Configure Galaxy to load refgenie genomes

Edit /$GALAXY_ROOT/config/galaxy.yml to point to the CVMFS-based refgenie genome configuration YAML file:

  # File containing refgenie configuration, e.g.
  # /path/to/genome_config.yaml. Can be used by refgenie backed tool
  # data tables.
  refgenie_config_file: /cvmfs/refgenomes-databio.galaxyproject.org/genomes_config.yaml

and then restart the Galaxy server.

This configuration will allow use of CVMFS-based refgenie assets, but not the refgenie Data Manager tool. To enable both, please see the following section.

Local refgenie instance and CVMFS-based regenie

First, follow the directions above for configuring a local refgenie server in Galaxy. The global refgenie_config_file will be configured to point to your local refgenie installation.

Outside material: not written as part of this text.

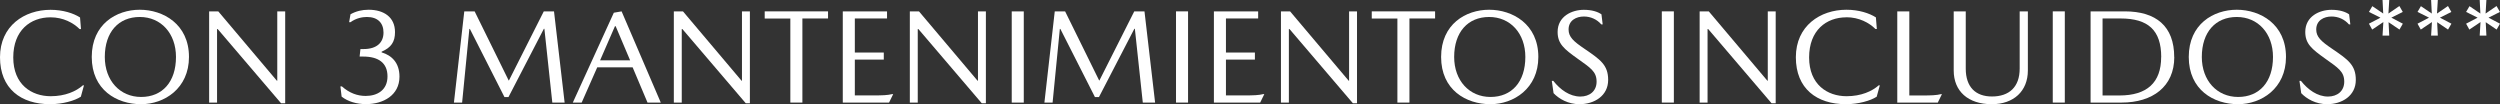<?xml version="1.0" encoding="UTF-8"?><svg id="Capa_2" xmlns="http://www.w3.org/2000/svg" width="369.49" height="15.4" viewBox="0 0 369.49 15.4"><rect x="0" y="0" width="369.49" height="15.4" fill="#333333" stroke="none"/><g id="Capa_1-2"><path d="M7.47,2.56c-2.97,0-5.51,1.92-5.51,5.93s2.7,5.73,5.53,5.73c2.16,0,3.77-.73,4.76-1.61h.16l-.46,1.68c-.89.59-2.7,1.11-4.54,1.11-4.32,0-7.41-2.3-7.41-6.94S3.61,1.45,7.47,1.45c1.84,0,3.39.51,4.36,1.13l.14,1.72h-.2c-.93-.93-2.44-1.74-4.3-1.74Z" fill="#fff"/><path d="M27.93,8.42c0,4.66-3.65,6.98-7.08,6.98-3.61,0-7.29-2.12-7.29-6.98s3.65-6.98,7.1-6.98,7.27,2.12,7.27,6.98ZM26.01,8.42c0-3.49-2.22-5.91-5.35-5.91s-5.17,2.22-5.17,5.91c0,3.49,2.24,5.91,5.37,5.91s5.15-2.22,5.15-5.91Z" fill="#fff"/><path d="M40.98,1.68h1.17v13.58h-.61l-9.36-10.96h-.1v10.86h-1.17V1.68h1.35l8.66,10.25h.06V1.68Z" fill="#fff"/><path d="M53.69,8.36h-.54l.12-1.11h.46c2.04,0,2.95-1.03,2.95-2.44s-.85-2.3-2.44-2.3c-.69,0-1.59.16-2.44.77h-.2l.2-1.17c.83-.46,1.7-.67,2.68-.67,2.22,0,3.9,1.07,3.9,3.31,0,1.45-.57,2.28-1.98,2.89v.1c1.47.44,2.64,1.51,2.64,3.59,0,2.75-2.4,4.06-4.94,4.06-1.39,0-2.68-.38-3.61-1.11l-.18-1.51h.22c1.11.99,2.3,1.41,3.51,1.41,1.74,0,3.23-.87,3.23-2.89s-1.37-2.93-3.59-2.93Z" fill="#fff"/><path d="M75.22,11.89l5.15-10.21h1.51l1.57,13.48h-1.82l-1.17-10.9h-.08l-5.23,10.09h-.59l-5.11-10.07h-.08l-1.07,10.88h-1.21l1.53-13.48h1.53l5.03,10.21h.06Z" fill="#fff"/><path d="M88.27,9.95l-2.3,5.21h-1.31l6.06-13.28,1.15-.2,5.79,13.48h-1.96l-2.2-5.21h-5.23ZM93.13,8.92l-2.14-5.05h-.1l-2.2,5.05h4.44Z" fill="#fff"/><path d="M109.66,1.68h1.17v13.58h-.61l-9.36-10.96h-.1v10.86h-1.17V1.68h1.35l8.66,10.25h.06V1.68Z" fill="#fff"/><path d="M113.02,1.68h9.36v1.05h-3.79v12.43h-1.78V2.74h-3.79v-1.05Z" fill="#fff"/><path d="M131.89,13.91h.12l-.61,1.25h-6.84V1.68h6.54v1.05h-4.76v5.03h4.28v1.05h-4.28v5.29h2.79c1.23,0,2.06-.02,2.76-.2Z" fill="#fff"/><path d="M144.54,1.68h1.17v13.58h-.61l-9.36-10.96h-.1v10.86h-1.17V1.68h1.35l8.66,10.25h.06V1.68Z" fill="#fff"/><path d="M151.31,15.16h-1.78V1.68h1.78v13.48Z" fill="#fff"/><path d="M162.49,11.89l5.15-10.21h1.51l1.57,13.48h-1.82l-1.17-10.9h-.08l-5.23,10.09h-.59l-5.11-10.07h-.08l-1.07,10.88h-1.21l1.53-13.48h1.53l5.03,10.21h.06Z" fill="#fff"/><path d="M175.59,15.16h-1.78V1.68h1.78v13.48Z" fill="#fff"/><path d="M186.74,13.91h.12l-.61,1.25h-6.84V1.68h6.54v1.05h-4.76v5.03h4.28v1.05h-4.28v5.29h2.79c1.23,0,2.06-.02,2.76-.2Z" fill="#fff"/><path d="M199.39,1.68h1.17v13.58h-.61l-9.36-10.96h-.1v10.86h-1.17V1.68h1.35l8.66,10.25h.06V1.68Z" fill="#fff"/><path d="M202.74,1.68h9.36v1.05h-3.79v12.43h-1.78V2.74h-3.79v-1.05Z" fill="#fff"/><path d="M227.36,8.42c0,4.66-3.65,6.98-7.08,6.98-3.61,0-7.29-2.12-7.29-6.98s3.65-6.98,7.1-6.98,7.27,2.12,7.27,6.98ZM225.44,8.42c0-3.49-2.22-5.91-5.35-5.91s-5.17,2.22-5.17,5.91c0,3.49,2.24,5.91,5.37,5.91s5.15-2.22,5.15-5.91Z" fill="#fff"/><path d="M234.09,2.44c-1.11,0-2.26.56-2.26,1.92,0,1.09.71,1.74,2.32,2.83,2.36,1.61,3.53,2.4,3.53,4.62,0,2.36-2.06,3.59-4.24,3.59-1.67,0-3.03-.79-3.83-1.63l-.26-1.82h.22c1.03,1.31,2.44,2.32,4,2.32,1.35,0,2.4-.79,2.4-2.2,0-1.51-.91-2.04-2.85-3.43-1.94-1.39-2.91-2.16-2.91-3.92,0-2.32,2.12-3.27,3.88-3.27,1.21,0,2.08.3,2.6.67l.18,1.49h-.2c-.67-.77-1.59-1.17-2.58-1.17Z" fill="#fff"/><path d="M247.39,15.16h-1.78V1.68h1.78v13.48Z" fill="#fff"/><path d="M261.27,1.68h1.17v13.58h-.61l-9.36-10.96h-.1v10.86h-1.17V1.68h1.35l8.66,10.25h.06V1.68Z" fill="#fff"/><path d="M272.89,2.56c-2.97,0-5.51,1.92-5.51,5.93s2.7,5.73,5.53,5.73c2.16,0,3.77-.73,4.76-1.61h.16l-.46,1.68c-.89.59-2.7,1.11-4.54,1.11-4.32,0-7.41-2.3-7.41-6.94s3.61-7.02,7.47-7.02c1.84,0,3.39.51,4.36,1.13l.14,1.72h-.2c-.93-.93-2.44-1.74-4.3-1.74Z" fill="#fff"/><path d="M286.89,13.91h.12l-.61,1.25h-5.99V1.68h1.78v12.43h1.94c1.23,0,2.06-.02,2.75-.2Z" fill="#fff"/><path d="M288.75,10.43V1.68h1.78v8.46c0,2.74,1.47,4.12,3.87,4.12,2.54,0,4.1-1.39,4.1-4.12V1.68h1.21v8.74c0,3.05-2.1,4.98-5.33,4.98-3.51,0-5.63-1.92-5.63-4.98Z" fill="#fff"/><path d="M305.17,15.16h-1.78V1.68h1.78v13.48Z" fill="#fff"/><path d="M321.35,8.44c0,4.36-3.21,6.72-7.79,6.72h-4.58V1.68h5.05c4.62,0,7.31,2.18,7.31,6.76ZM319.42,8.44c0-3.98-1.94-5.71-6.01-5.71h-2.66v11.38h2.5c4.04,0,6.16-1.88,6.16-5.67Z" fill="#fff"/><path d="M337.86,8.42c0,4.66-3.65,6.98-7.08,6.98-3.61,0-7.29-2.12-7.29-6.98s3.65-6.98,7.1-6.98,7.27,2.12,7.27,6.98ZM335.94,8.42c0-3.49-2.22-5.91-5.35-5.91s-5.17,2.22-5.17,5.91c0,3.49,2.24,5.91,5.37,5.91s5.15-2.22,5.15-5.91Z" fill="#fff"/><path d="M344.59,2.44c-1.11,0-2.26.56-2.26,1.92,0,1.09.71,1.74,2.32,2.83,2.36,1.61,3.53,2.4,3.53,4.62,0,2.36-2.06,3.59-4.24,3.59-1.67,0-3.03-.79-3.83-1.63l-.26-1.82h.22c1.03,1.31,2.44,2.32,4,2.32,1.35,0,2.4-.79,2.4-2.2,0-1.51-.91-2.04-2.85-3.43-1.94-1.39-2.91-2.16-2.91-3.92,0-2.32,2.12-3.27,3.88-3.27,1.21,0,2.08.3,2.6.67l.18,1.49h-.2c-.67-.77-1.59-1.17-2.58-1.17Z" fill="#fff"/><path d="M355.13,1.76l-1.7.85,1.7.89-.5.87-1.61-1.09.1,1.98h-.99l.12-2-1.65,1.11-.48-.87,1.7-.89-1.7-.85.5-.85,1.61,1.09-.1-2h.99l-.12,2,1.62-1.11.5.87Z" fill="#fff"/><path d="M362.31,1.76l-1.7.85,1.7.89-.5.87-1.61-1.09.1,1.98h-.99l.12-2-1.65,1.11-.48-.87,1.7-.89-1.7-.85.5-.85,1.61,1.09-.1-2h.99l-.12,2,1.62-1.11.5.87Z" fill="#fff"/><path d="M369.49,1.76l-1.7.85,1.7.89-.5.87-1.61-1.09.1,1.98h-.99l.12-2-1.65,1.11-.48-.87,1.7-.89-1.7-.85.5-.85,1.61,1.09-.1-2h.99l-.12,2,1.62-1.11.5.87Z" fill="#fff"/></g></svg>

This is required for proper usage of the Data Manager tool.

Next, follow directions on installing and configuring CVMFS available here.

Configure Galaxy to load refgenie genomes from CVMFS

Edit /$GALAXY_ROOT/config/tool_data_tables_conf.xml and add entries that point to refgenie on CVMFS:

    <!-- Refgenie __dbkeys__ -->
    <table name="__dbkeys__" type="refgenie" asset="fasta" >
        <file path="/cvmfs/refgenomes-databio.galaxyproject.org/genomes_config.yaml" />
        <field name="value" template="true">${__REFGENIE_GENOME__}</field>
        <field name="name" template="true">${__REFGENIE_DISPLAY_NAME__}</field>
        <field name="len_path" template="true">${__REFGENIE_SEEK_KEY__('chrom_sizes')}</field>
    </table>
    <!-- Refgenie all_fasta -->
    <table name="all_fasta" type="refgenie" asset="fasta" >
        <file path="/cvmfs/refgenomes-databio.galaxyproject.org/genomes_config.yaml" />
        <field name="value" template="true">${__REFGENIE_UUID__}</field>
        <field name="dbkey" template="true">${__REFGENIE_GENOME__}</field>
        <field name="name" template="true">${__REFGENIE_DISPLAY_NAME__}</field>
        <field name="path" template="true">${__REFGENIE_ASSET__}</field>
    </table>
    <!-- Refgenie fasta_indexes (samtools) -->
    <table name="fasta_indexes" type="refgenie" asset="fasta" >
        <file path="/cvmfs/refgenomes-databio.galaxyproject.org/genomes_config.yaml" />
        <field name="value" template="true">${__REFGENIE_UUID__}</field>
        <field name="dbkey" template="true">${__REFGENIE_GENOME__}</field>
        <field name="name" template="true">${__REFGENIE_DISPLAY_NAME__}</field>
        <field name="path" template="true">${__REFGENIE_ASSET__}</field>
    </table>
    <!-- Refgenie bowtie2_indexes -->
    <table name="bowtie2_indexes" type="refgenie" asset="bowtie2_index" >
        <file path="/cvmfs/refgenomes-databio.galaxyproject.org/genomes_config.yaml" />
        <field name="value" template="true">${__REFGENIE_UUID__}</field>
        <field name="dbkey" template="true">${__REFGENIE_GENOME__}</field>
        <field name="name" template="true">${__REFGENIE_DISPLAY_NAME__}</field>
        <field name="path" template="true">${__REFGENIE_ASSET__}</field>
    </table>
    <!-- Refgenie bwa_indexes -->
    <table name="bwa_mem_indexes" type="refgenie" asset="bwa_index" >
        <file path="/cvmfs/refgenomes-databio.galaxyproject.org/genomes_config.yaml" />
        <field name="value" template="true">${__REFGENIE_UUID__}</field>
        <field name="dbkey" template="true">${__REFGENIE_GENOME__}</field>
        <field name="name" template="true">${__REFGENIE_DISPLAY_NAME__}</field>
        <field name="path" template="true">${__REFGENIE_ASSET__}</field>
    </table>
    <!-- Refgenie hisat2_indexes -->
    <table name="hisat2_indexes" type="refgenie" asset="hisat2_index" >
        <file path="/cvmfs/refgenomes-databio.galaxyproject.org/genomes_config.yaml" />
        <field name="value" template="true">${__REFGENIE_UUID__}</field>
        <field name="dbkey" template="true">${__REFGENIE_GENOME__}</field>
        <field name="name" template="true">${__REFGENIE_DISPLAY_NAME__}</field>
        <field name="path" template="true">${__REFGENIE_ASSET__}</field>
    </table>

and then restart the Galaxy server. These entries are in addition to the existing refgenie entries, which refer to the globally declared refgenie configuration.